Though he is part of a boutique firm, Simpson handles IP for larger corporate clients. But while much of his work comes from these companies, the largest being from Europe and Silicon Valley, he has a soft spot for smaller entities.
“I love to talk to and help independent inventors and entrepreneurs. To me, that’s the most fun,” he said.
The practice has seen its ups and downs, he said, but downtime typically occurs when corporations bring the work in-house.
With Buffalo’s renaissance and an uptick in the startup scene, there is additional IP work to be had but it is not yet freely flowing, he said. For many startups, protecting IP can be expensive so it presents a roadblock. Simpson encouraged colleagues to extend discounts and incentives.
“All of us in the practice need to do more to foster entrepreneurs and independent inventors in Western New York, and I think we’re starting to see that happen,” he said. “I think what my colleagues in the Patent Bar should do is cut these people a break.”
Breaking down the numbers:
According to Richards, there usually are more filings on the patent side because a business or individual could lose their rights if they don’t file. Patents require action in a timely manner to give the client the ability to exclude others. In 2016, the firm filed 102 patents and obtained 47.
“If you don’t and you commercialize, you can lose your ability to get that exclusive right,” he said.
There are two types of patents: utility and design. Richards sees increased recognition that design patents can have value. He said they protect the ornamental aspects of the project and are easier and less expensive to obtain. An example is the Samsung vs Apple case, where U.S. Supreme Court overturned a verdict of a lower court that had forced Samsung to pay nearly $400 million in damages for violating three of Apple’s design patents on the iPhone’s shape and colorful icons.
The Supreme Court ordered the lower court to decide if only components were infringed upon, not the entire product, which would reduce the damages.

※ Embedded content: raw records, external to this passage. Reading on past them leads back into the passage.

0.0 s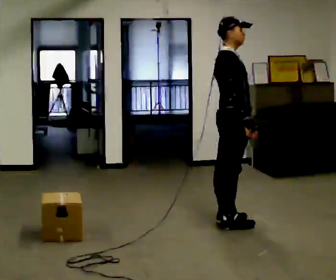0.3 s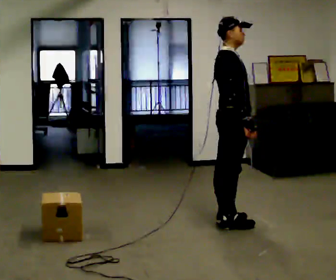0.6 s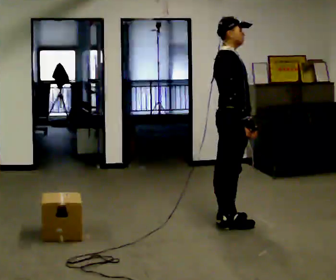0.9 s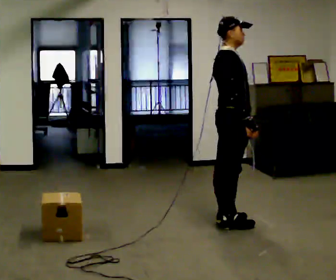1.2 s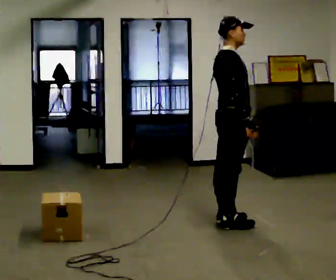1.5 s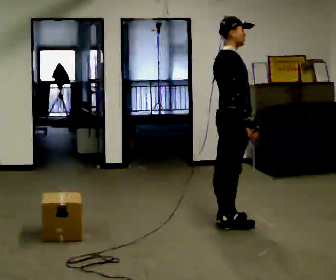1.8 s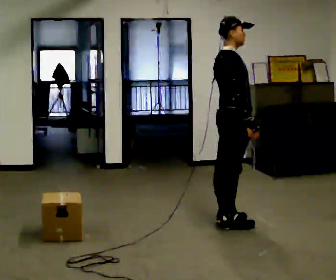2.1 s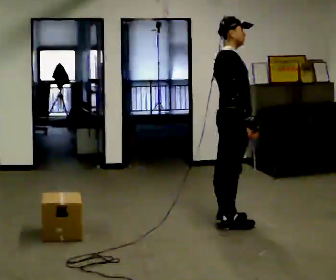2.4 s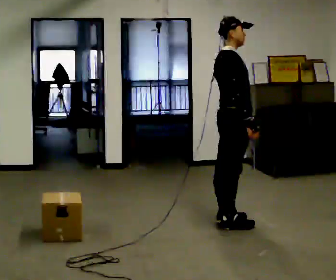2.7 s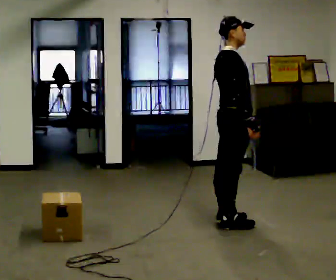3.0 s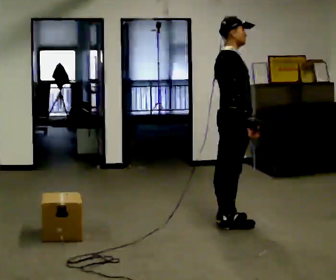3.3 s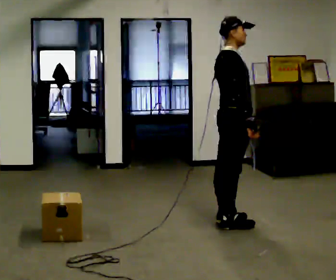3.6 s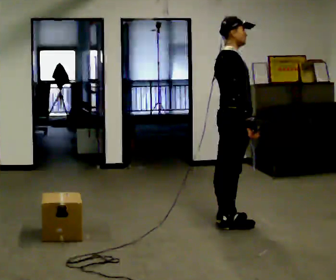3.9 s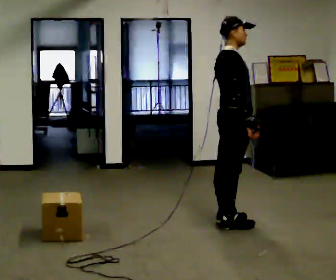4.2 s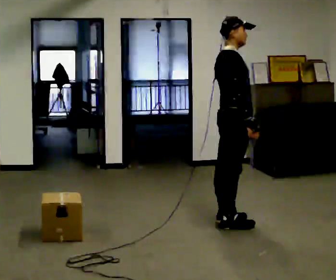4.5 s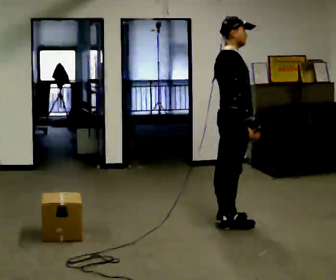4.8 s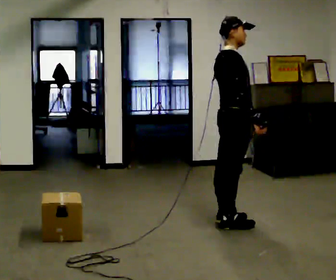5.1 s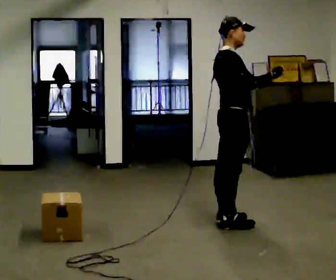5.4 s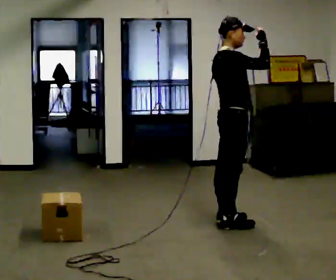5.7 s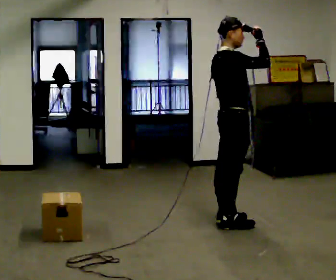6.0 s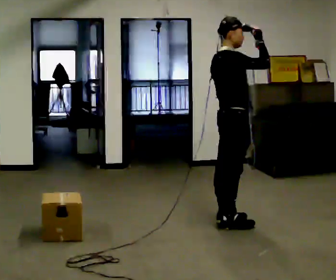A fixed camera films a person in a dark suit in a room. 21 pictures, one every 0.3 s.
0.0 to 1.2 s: The person moves a little, or ends about where they began.
1.2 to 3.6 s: The person keeps their place and pose.
3.6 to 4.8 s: The person moves a little, or ends about where they began.
4.8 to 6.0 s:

On the trademark and copyright side, registration offers certain advantages when it comes to garnering damages in litigation. But rights in this area are the result of using the mark, so registration is not always necessary, Richards said.
In addition, registering a copyright isn’t difficult so some clients decide to do it on their own.
According to Lillis, Phillips Lytle handles lots of patent work but nearly every company with which it works has trademarks that must be protected, so that’s a focus of the practice. In 2016 the firm filed 154 trademarks and registered 131.
Lillis said he works heavily on the licensing side when companies look to market and sell their technology. Certain companies are more about patent and trademark protection while others focus on technology trade secrets.
“If we file twice as many or half as many patents next year as we did this year, we’re not going to bat an eye because we know the decisions were made in the best interest of the companies we’re working with at the time,” he said. “If a situation calls for a trade-secret arrangement, as opposed to filing a patent application, then that’s what we’ll advise.”
The IP practice at Simpson & Simpson consists of about 70 percent patent work, 29 percent trademark and 1 percent copyright, according to Robert Simpson. Still, he considers the trademark practice managed by his wife as active. It involves clearing marks for a company’s use, registering and enforcing them in the patent office and, when needed, in courts.
The firm filed 98 patents and 61 trademarks in 2016.
Barclay Damon’s IP practice maintains about 5,000 trademarks for clients but is a little heavier on the patent side — 177 patents were filed throughout the entire practice in 2016, according to Sullivan. Much of the work comes from foreign-based attorneys and entities.
As a predominantly Upstate firm, Barclay Damon can offer them a more attractive pricing model, he said. In the end, most of the group’s revenue is generated from patent litigation, a driving force in the practice.